## Task input
..............................

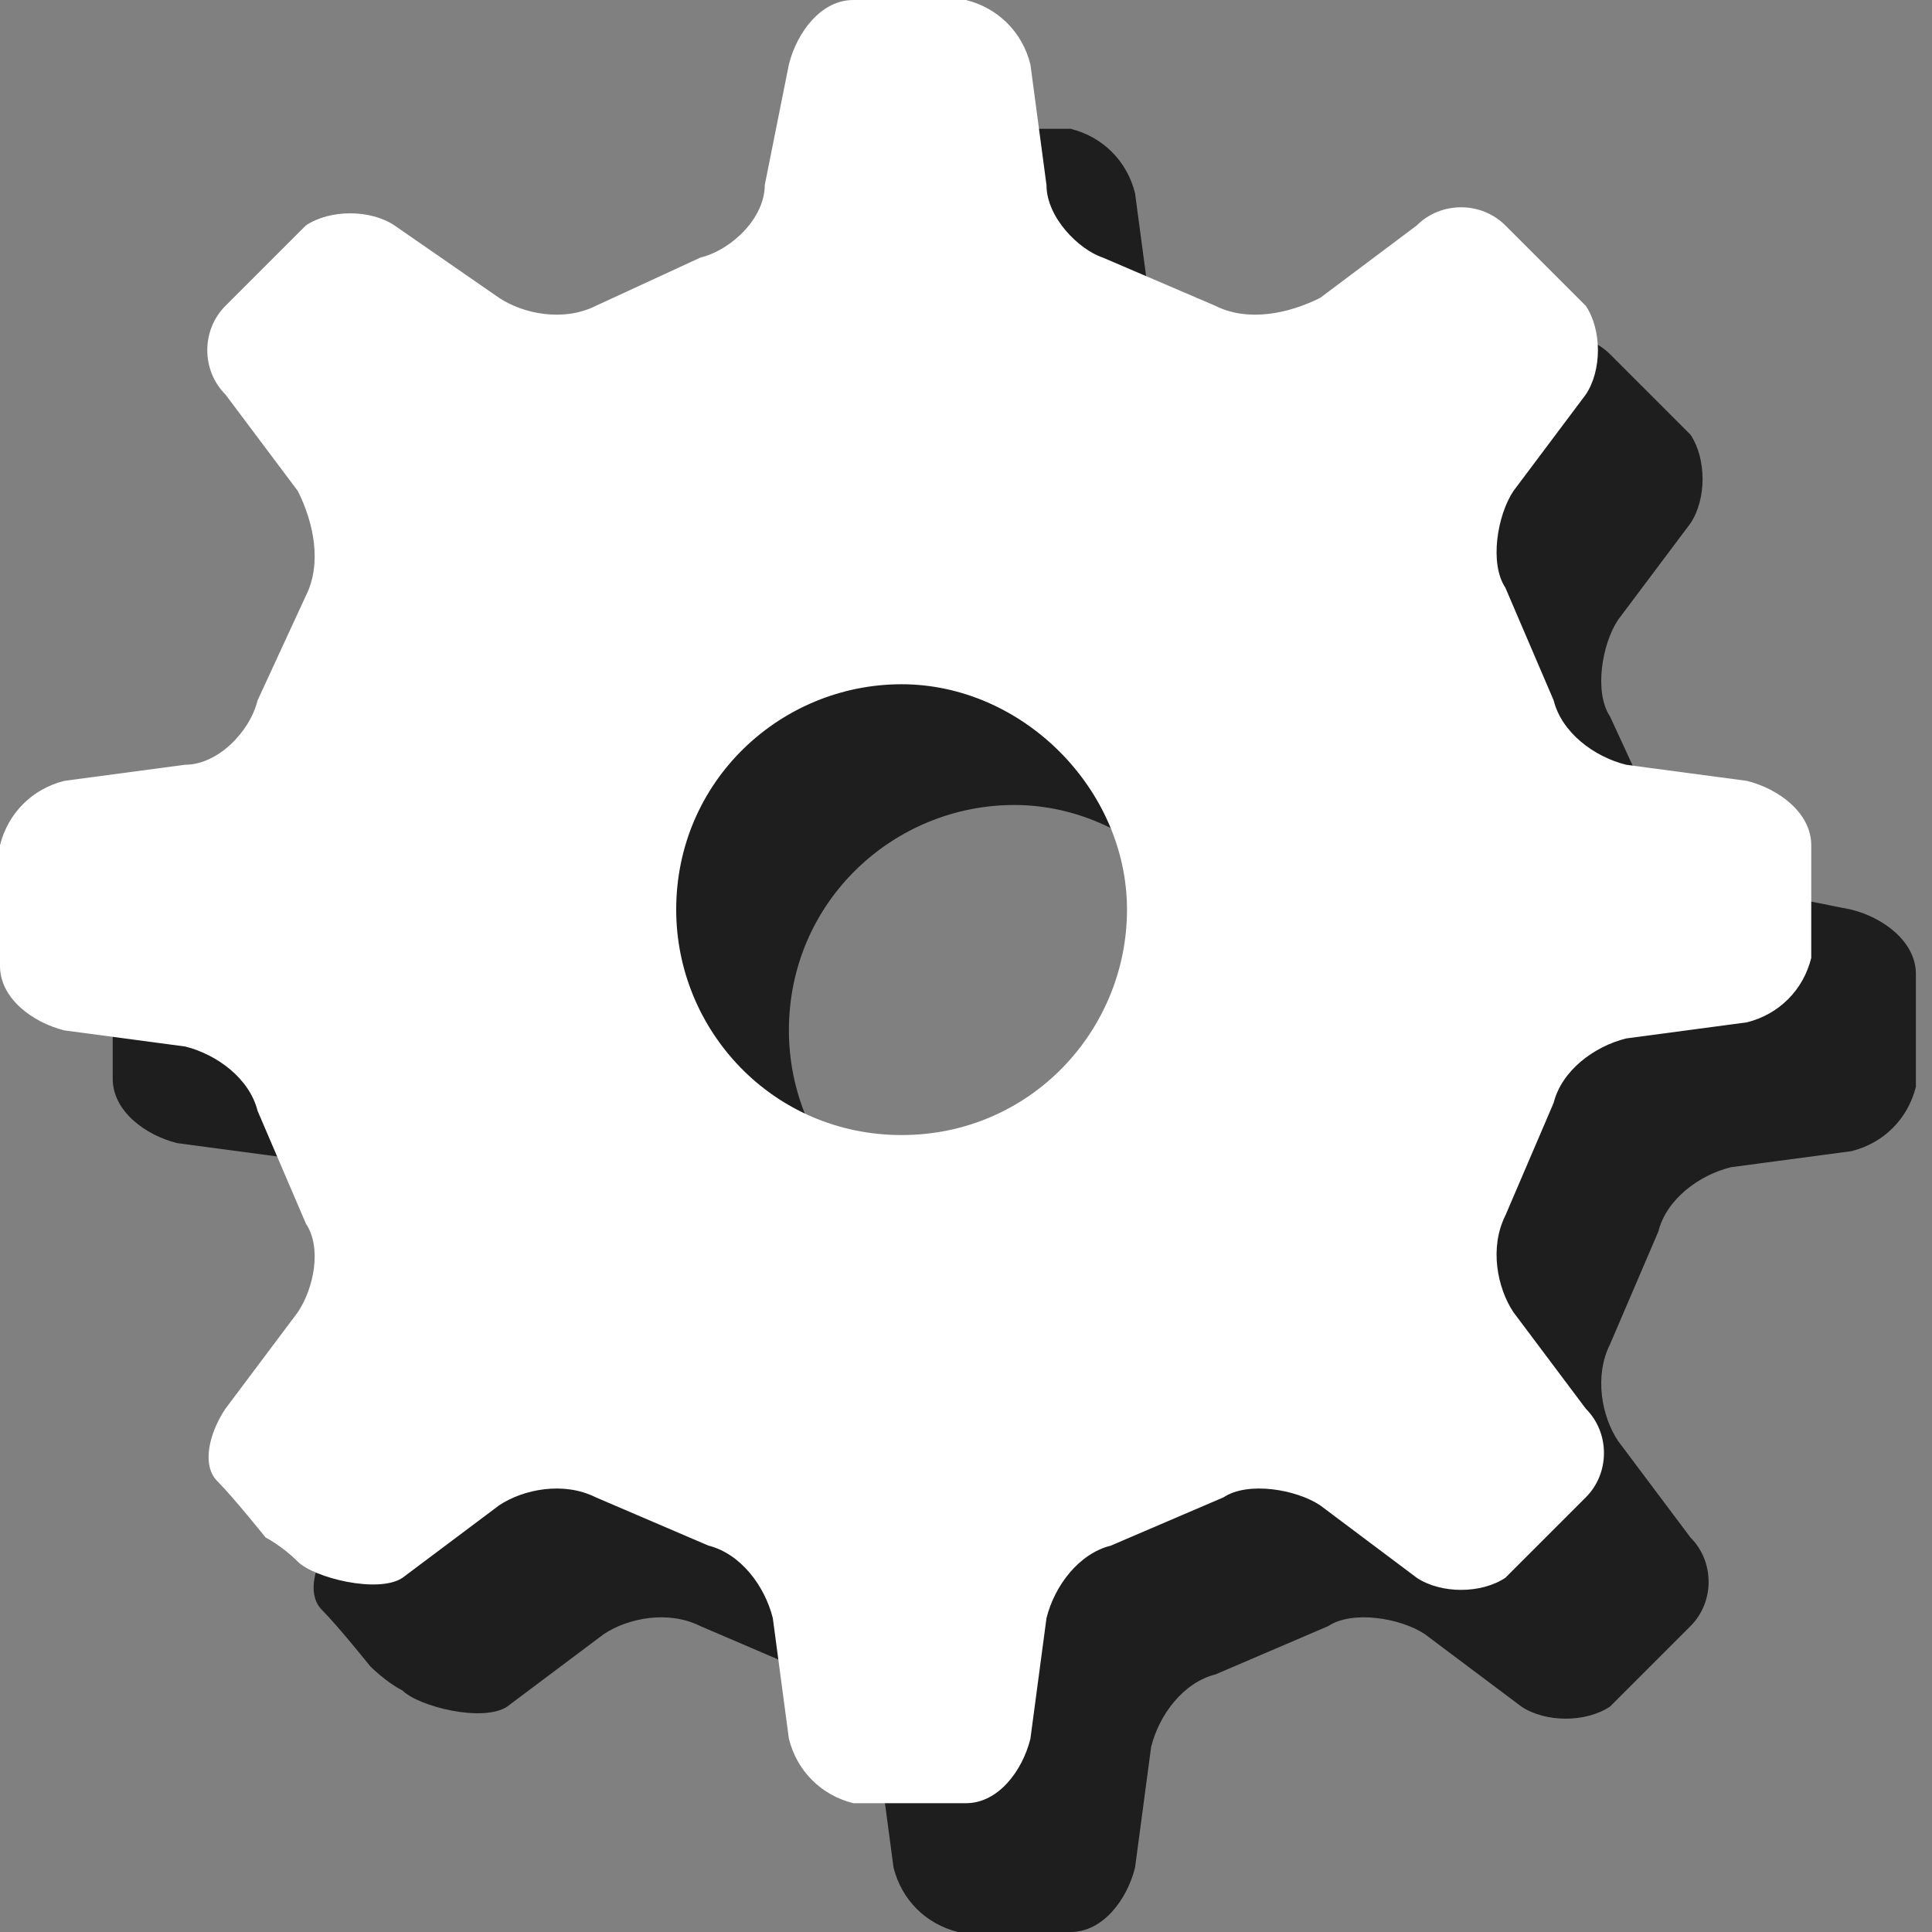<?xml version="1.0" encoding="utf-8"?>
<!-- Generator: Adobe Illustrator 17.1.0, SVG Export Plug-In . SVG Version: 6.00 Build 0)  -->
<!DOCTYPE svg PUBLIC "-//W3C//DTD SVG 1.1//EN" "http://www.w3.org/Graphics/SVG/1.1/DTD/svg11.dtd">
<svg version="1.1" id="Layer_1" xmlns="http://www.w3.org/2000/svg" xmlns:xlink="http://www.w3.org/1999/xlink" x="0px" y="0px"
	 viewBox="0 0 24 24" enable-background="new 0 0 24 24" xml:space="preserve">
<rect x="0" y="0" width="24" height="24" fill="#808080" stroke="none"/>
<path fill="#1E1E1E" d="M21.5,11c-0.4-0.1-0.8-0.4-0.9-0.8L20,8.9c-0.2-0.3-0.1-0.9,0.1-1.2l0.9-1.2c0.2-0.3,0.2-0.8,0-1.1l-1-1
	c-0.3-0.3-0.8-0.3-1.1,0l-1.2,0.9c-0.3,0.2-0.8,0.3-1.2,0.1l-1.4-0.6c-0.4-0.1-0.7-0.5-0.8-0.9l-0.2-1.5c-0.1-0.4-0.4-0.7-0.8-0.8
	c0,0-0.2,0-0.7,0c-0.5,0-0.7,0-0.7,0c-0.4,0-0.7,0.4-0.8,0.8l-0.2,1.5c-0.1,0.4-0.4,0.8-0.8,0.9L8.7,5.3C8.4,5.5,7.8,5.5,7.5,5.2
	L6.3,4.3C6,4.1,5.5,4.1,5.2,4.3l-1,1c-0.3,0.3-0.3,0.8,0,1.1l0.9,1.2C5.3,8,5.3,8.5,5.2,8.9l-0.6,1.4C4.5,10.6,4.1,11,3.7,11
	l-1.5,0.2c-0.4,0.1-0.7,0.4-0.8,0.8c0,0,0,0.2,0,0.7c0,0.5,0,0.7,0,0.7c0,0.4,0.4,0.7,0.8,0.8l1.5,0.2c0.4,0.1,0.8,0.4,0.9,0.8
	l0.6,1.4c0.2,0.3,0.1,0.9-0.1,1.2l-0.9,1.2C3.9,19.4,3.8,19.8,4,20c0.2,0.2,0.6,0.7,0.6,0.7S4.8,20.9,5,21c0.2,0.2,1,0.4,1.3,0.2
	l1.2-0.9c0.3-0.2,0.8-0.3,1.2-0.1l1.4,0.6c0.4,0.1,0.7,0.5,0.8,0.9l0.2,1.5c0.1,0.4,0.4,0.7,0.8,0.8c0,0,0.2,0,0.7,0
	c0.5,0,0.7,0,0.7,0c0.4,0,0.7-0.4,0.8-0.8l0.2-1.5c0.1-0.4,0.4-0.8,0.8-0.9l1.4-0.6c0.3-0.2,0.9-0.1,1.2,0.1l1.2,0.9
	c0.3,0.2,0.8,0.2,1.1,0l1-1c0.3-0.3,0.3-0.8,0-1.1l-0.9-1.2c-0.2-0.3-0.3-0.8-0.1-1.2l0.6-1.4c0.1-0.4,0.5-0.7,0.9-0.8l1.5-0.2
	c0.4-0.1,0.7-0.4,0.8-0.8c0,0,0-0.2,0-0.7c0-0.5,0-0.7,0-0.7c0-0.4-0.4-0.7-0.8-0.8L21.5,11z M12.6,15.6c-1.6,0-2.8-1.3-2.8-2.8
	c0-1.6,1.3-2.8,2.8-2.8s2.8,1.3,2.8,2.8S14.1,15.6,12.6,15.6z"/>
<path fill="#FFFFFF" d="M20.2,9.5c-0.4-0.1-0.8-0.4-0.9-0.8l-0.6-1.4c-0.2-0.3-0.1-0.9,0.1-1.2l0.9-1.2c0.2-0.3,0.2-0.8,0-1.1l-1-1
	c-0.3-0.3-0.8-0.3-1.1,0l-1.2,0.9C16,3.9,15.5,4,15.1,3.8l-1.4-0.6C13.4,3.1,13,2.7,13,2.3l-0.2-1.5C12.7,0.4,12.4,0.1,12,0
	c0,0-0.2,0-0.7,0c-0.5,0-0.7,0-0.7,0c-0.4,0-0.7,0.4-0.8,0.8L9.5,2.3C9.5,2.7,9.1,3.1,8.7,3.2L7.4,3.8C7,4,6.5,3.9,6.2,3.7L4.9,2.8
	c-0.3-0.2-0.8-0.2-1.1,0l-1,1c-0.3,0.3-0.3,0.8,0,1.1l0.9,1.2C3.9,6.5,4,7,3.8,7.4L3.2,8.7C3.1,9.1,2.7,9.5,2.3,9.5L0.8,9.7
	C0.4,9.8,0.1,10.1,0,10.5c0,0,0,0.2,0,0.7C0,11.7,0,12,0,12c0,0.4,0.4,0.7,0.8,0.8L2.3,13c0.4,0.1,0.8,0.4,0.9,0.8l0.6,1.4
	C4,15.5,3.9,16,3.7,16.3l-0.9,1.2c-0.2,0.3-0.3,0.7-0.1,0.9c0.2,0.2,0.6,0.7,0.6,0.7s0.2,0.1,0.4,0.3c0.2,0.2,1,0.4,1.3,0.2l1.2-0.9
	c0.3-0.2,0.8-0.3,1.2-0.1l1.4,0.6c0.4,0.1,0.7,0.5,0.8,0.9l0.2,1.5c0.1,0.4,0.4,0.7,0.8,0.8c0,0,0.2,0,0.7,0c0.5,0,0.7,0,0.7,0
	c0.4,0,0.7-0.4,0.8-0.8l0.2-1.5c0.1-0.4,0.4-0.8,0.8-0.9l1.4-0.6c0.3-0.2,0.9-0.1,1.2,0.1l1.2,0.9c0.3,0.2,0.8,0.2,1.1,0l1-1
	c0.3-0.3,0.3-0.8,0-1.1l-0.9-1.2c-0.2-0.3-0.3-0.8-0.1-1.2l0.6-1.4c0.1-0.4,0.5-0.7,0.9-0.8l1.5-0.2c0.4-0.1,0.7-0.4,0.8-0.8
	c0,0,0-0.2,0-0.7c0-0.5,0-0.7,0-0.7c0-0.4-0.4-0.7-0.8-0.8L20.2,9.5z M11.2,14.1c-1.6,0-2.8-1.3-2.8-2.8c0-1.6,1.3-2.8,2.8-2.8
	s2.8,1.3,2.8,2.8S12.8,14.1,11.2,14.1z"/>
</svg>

..............................

## Task goal
Set every entry down again exactly as written, and omit the images.

## Exercise response
<?xml version="1.0" encoding="utf-8"?>
<!-- Generator: Adobe Illustrator 17.1.0, SVG Export Plug-In . SVG Version: 6.00 Build 0)  -->
<!DOCTYPE svg PUBLIC "-//W3C//DTD SVG 1.1//EN" "http://www.w3.org/Graphics/SVG/1.1/DTD/svg11.dtd">
<svg version="1.1" id="Layer_1" xmlns="http://www.w3.org/2000/svg" xmlns:xlink="http://www.w3.org/1999/xlink" x="0px" y="0px"
	 viewBox="0 0 24 24" enable-background="new 0 0 24 24" xml:space="preserve">
<rect x="0" y="0" width="24" height="24" fill="#808080" stroke="none"/>
<path fill="#1E1E1E" d="M21.5,11c-0.4-0.1-0.8-0.4-0.9-0.8L20,8.9c-0.2-0.3-0.1-0.9,0.1-1.2l0.9-1.2c0.2-0.3,0.2-0.8,0-1.1l-1-1
	c-0.3-0.3-0.8-0.3-1.1,0l-1.2,0.9c-0.3,0.2-0.8,0.3-1.2,0.1l-1.4-0.6c-0.4-0.1-0.7-0.5-0.8-0.9l-0.2-1.5c-0.1-0.4-0.4-0.7-0.8-0.8
	c0,0-0.2,0-0.7,0c-0.5,0-0.7,0-0.7,0c-0.4,0-0.7,0.4-0.8,0.8l-0.2,1.5c-0.1,0.4-0.4,0.8-0.8,0.9L8.7,5.3C8.4,5.5,7.8,5.5,7.5,5.2
	L6.3,4.3C6,4.1,5.5,4.1,5.2,4.3l-1,1c-0.3,0.3-0.3,0.8,0,1.1l0.9,1.2C5.3,8,5.3,8.5,5.2,8.9l-0.6,1.4C4.5,10.6,4.1,11,3.7,11
	l-1.5,0.2c-0.4,0.1-0.7,0.4-0.8,0.8c0,0,0,0.2,0,0.7c0,0.5,0,0.7,0,0.7c0,0.4,0.4,0.7,0.8,0.8l1.5,0.2c0.4,0.1,0.8,0.4,0.9,0.8
	l0.6,1.4c0.2,0.3,0.1,0.9-0.1,1.2l-0.9,1.2C3.9,19.4,3.8,19.8,4,20c0.2,0.2,0.6,0.7,0.6,0.7S4.8,20.9,5,21c0.2,0.2,1,0.4,1.3,0.2
	l1.2-0.9c0.3-0.2,0.8-0.3,1.2-0.1l1.4,0.6c0.4,0.1,0.7,0.5,0.8,0.9l0.2,1.5c0.1,0.4,0.4,0.7,0.8,0.8c0,0,0.2,0,0.7,0
	c0.5,0,0.7,0,0.7,0c0.4,0,0.7-0.4,0.8-0.8l0.2-1.5c0.1-0.4,0.4-0.8,0.8-0.9l1.4-0.6c0.3-0.2,0.9-0.1,1.2,0.1l1.2,0.9
	c0.3,0.2,0.8,0.2,1.1,0l1-1c0.3-0.3,0.3-0.8,0-1.1l-0.9-1.2c-0.2-0.3-0.3-0.8-0.1-1.2l0.6-1.4c0.1-0.4,0.5-0.7,0.9-0.8l1.5-0.2
	c0.4-0.1,0.7-0.4,0.8-0.8c0,0,0-0.2,0-0.7c0-0.5,0-0.7,0-0.7c0-0.4-0.4-0.7-0.8-0.8L21.5,11z M12.6,15.6c-1.6,0-2.8-1.3-2.8-2.8
	c0-1.6,1.3-2.8,2.8-2.8s2.8,1.3,2.8,2.8S14.1,15.6,12.6,15.6z"/>
<path fill="#FFFFFF" d="M20.2,9.5c-0.4-0.1-0.8-0.4-0.9-0.8l-0.6-1.4c-0.2-0.3-0.1-0.9,0.1-1.2l0.9-1.2c0.2-0.3,0.2-0.8,0-1.1l-1-1
	c-0.3-0.3-0.8-0.3-1.1,0l-1.2,0.9C16,3.9,15.5,4,15.1,3.8l-1.4-0.6C13.4,3.1,13,2.7,13,2.3l-0.2-1.5C12.7,0.4,12.4,0.1,12,0
	c0,0-0.2,0-0.7,0c-0.5,0-0.7,0-0.7,0c-0.4,0-0.7,0.4-0.8,0.8L9.5,2.3C9.5,2.7,9.1,3.1,8.7,3.2L7.4,3.8C7,4,6.5,3.9,6.2,3.7L4.9,2.8
	c-0.3-0.2-0.8-0.2-1.1,0l-1,1c-0.3,0.3-0.3,0.8,0,1.1l0.9,1.2C3.9,6.5,4,7,3.8,7.4L3.2,8.7C3.1,9.1,2.7,9.5,2.3,9.5L0.8,9.7
	C0.4,9.8,0.1,10.1,0,10.5c0,0,0,0.2,0,0.7C0,11.7,0,12,0,12c0,0.4,0.4,0.7,0.8,0.8L2.3,13c0.4,0.1,0.8,0.4,0.9,0.8l0.6,1.4
	C4,15.5,3.9,16,3.7,16.3l-0.9,1.2c-0.2,0.3-0.3,0.7-0.1,0.9c0.2,0.2,0.6,0.7,0.6,0.7s0.2,0.1,0.4,0.3c0.2,0.2,1,0.4,1.3,0.2l1.2-0.9
	c0.3-0.2,0.8-0.3,1.2-0.1l1.4,0.6c0.4,0.1,0.7,0.5,0.8,0.9l0.2,1.5c0.1,0.4,0.4,0.7,0.8,0.8c0,0,0.2,0,0.7,0c0.5,0,0.7,0,0.7,0
	c0.4,0,0.7-0.4,0.8-0.8l0.2-1.5c0.1-0.4,0.4-0.8,0.8-0.9l1.4-0.6c0.3-0.2,0.9-0.1,1.2,0.1l1.2,0.9c0.3,0.2,0.8,0.2,1.1,0l1-1
	c0.3-0.3,0.3-0.8,0-1.1l-0.9-1.2c-0.2-0.3-0.3-0.8-0.1-1.2l0.6-1.4c0.1-0.4,0.5-0.7,0.9-0.8l1.5-0.2c0.4-0.1,0.7-0.4,0.8-0.8
	c0,0,0-0.2,0-0.7c0-0.5,0-0.7,0-0.7c0-0.4-0.4-0.7-0.8-0.8L20.2,9.5z M11.2,14.1c-1.6,0-2.8-1.3-2.8-2.8c0-1.6,1.3-2.8,2.8-2.8
	s2.8,1.3,2.8,2.8S12.8,14.1,11.2,14.1z"/>
</svg>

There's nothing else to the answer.